朴:まさしくそうだと思います。とにかく欧米に追いつくことが必要です。今後も欧米の進歩のほうが早いことは間違いありませんから、将来的には日本でも欧米と同時に始められないとまずいと思います。当面、日本で行なうべき臨床試験ということを考えた時に、例えばFOLFOX
、FOLFIRIは欧米の投与量で日本人でもできますということを証明していかないといけないと思います。まず同じ土俵に立った上で、次のグローバルの臨床試験に参加していく準備をしていきたいと思っています。
瀧内:ひとつだけ問題があるのは、CPT-11にしても承認用量がある程度限られているということですね、
大津:厚生労働省で抗がん剤併用療法検討委員会というものが組織されまして、海外の試験でphase IIIの結果が出たものは、そのまま外挿したいと考えています。その際に、日本人の安全性が問われることになりますから、それをきっちりと確保して、早く承認用量を欧米と同じに増やす方向にもっていけたらと思います。
瀧内:日本だけの時代じゃなくなってきたと。海外の臨床試験に入っていく時代だということですね。
大津: 胃癌の場合は、かなり日本と海外の差というのを言われますが、大腸癌の場合は、手術の成績とか最近のadjuvant込みの成績について、海外と日本の差はそれほど大きな差ではないですよね。
藤井:結腸癌では全く差がないと思います。ただ、直腸癌になると手術成績に差があります。直腸癌と胃癌で差があるのは、日本人の外科手術がうまいんだと言わせてもらっていいと思います。手術方法でいうと、例えばS状結腸癌では手術そのものも郭清も簡単で、そのくらいのことはアメリカと日本では差がない。ただし、直腸癌で骨盤内に入ってくるような手術とか、あるいは胃癌の郭清ということになってくると、欧米人より日本人の方が技術は上です。そこには同じ局所療法である放射線を加味すると、海外でも日本の成績と同じものを出せる。やはり土俵が違うんです。化学療法もやはり土俵が違うところがあります。CPT-11にしても、phaseTで欧米並みのデータがでると言いますが、施設によって違うはずです。例えばCPT-11
600mg/body など日本人にはとても考えられない。僕らは150mg/m2位と、せいぜい決められたdoseでやってます。

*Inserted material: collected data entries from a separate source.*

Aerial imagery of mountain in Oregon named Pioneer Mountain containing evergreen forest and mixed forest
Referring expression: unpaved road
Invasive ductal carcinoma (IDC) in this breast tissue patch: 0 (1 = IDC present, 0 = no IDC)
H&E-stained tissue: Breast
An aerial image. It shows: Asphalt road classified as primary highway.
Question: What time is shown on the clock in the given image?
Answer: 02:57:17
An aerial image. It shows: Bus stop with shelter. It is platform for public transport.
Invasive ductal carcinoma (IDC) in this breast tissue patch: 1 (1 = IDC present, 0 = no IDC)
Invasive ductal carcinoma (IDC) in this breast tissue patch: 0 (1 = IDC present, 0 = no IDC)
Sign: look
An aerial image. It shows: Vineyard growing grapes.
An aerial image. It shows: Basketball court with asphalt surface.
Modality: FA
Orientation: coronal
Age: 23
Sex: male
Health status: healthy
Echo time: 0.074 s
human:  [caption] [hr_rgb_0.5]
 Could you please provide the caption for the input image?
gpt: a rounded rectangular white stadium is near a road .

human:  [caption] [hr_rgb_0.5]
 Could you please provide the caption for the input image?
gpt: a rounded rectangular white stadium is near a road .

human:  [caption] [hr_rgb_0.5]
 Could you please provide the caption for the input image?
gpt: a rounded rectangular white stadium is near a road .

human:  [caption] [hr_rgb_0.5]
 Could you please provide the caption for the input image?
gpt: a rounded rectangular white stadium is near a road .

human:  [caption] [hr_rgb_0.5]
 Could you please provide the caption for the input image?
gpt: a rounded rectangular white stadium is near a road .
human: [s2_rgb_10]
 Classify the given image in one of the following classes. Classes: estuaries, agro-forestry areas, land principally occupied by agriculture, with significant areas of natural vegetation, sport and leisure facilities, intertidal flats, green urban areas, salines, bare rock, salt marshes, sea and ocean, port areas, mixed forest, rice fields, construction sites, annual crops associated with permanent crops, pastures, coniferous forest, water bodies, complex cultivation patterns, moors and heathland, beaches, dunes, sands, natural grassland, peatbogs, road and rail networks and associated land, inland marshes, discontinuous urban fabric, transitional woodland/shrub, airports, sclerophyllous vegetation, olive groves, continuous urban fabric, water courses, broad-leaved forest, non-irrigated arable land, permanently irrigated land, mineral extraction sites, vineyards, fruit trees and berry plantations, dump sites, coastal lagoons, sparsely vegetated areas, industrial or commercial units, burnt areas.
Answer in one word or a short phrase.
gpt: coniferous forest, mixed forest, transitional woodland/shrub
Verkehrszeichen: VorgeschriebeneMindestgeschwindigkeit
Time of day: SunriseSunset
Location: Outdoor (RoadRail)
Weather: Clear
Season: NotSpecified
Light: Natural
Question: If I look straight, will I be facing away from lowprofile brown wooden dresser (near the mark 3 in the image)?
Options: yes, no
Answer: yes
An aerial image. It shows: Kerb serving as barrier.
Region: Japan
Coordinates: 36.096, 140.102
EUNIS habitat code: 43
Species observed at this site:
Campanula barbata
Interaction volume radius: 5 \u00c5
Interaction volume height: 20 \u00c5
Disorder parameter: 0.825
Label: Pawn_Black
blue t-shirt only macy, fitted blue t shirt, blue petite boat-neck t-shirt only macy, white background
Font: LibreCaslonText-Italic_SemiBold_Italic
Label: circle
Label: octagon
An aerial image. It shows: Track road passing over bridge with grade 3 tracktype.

大津:アメリカ人研究者でも例えばweeklyでの125mg/m2がきついって言う方はいっぱいいらっしゃるんですよね。要するに、臨床試験に参加している患者さんのpopulationというのは、PSの非常に良好な方ばかりですから、そこで出てきたdoseをすべての患者に投与する必要はまったくないのです。実際、7掛け8掛けでやっていますという人も非常に多いわけです。
藤井:なんらかの方法で、患者さん個々に合ったoptimal doseを決められる方法があると思うんですよ。CPT-11ではcarboxyesteraseの活性の問題など、日本人と白人の差がもしかしたらあるかもしれない。その中で感受性試験のようなものをやって、日本人のdoseを考えていかなければならないと思います。
大津:doseの設定については、どのpopulationを対象にするかということを考えなければなりません。状態のいい患者さんのdoseを、状態のよくないpopulationに合わせたdoseと同じにしなければならないということはない。考え方を変えてもらって、そこを分けないといけないと思います。臨床試験で出てくるdoseというのは、状態のいいpopulationで決めたものですから、いずれにしても、患者さんを診ながらということになりますよね。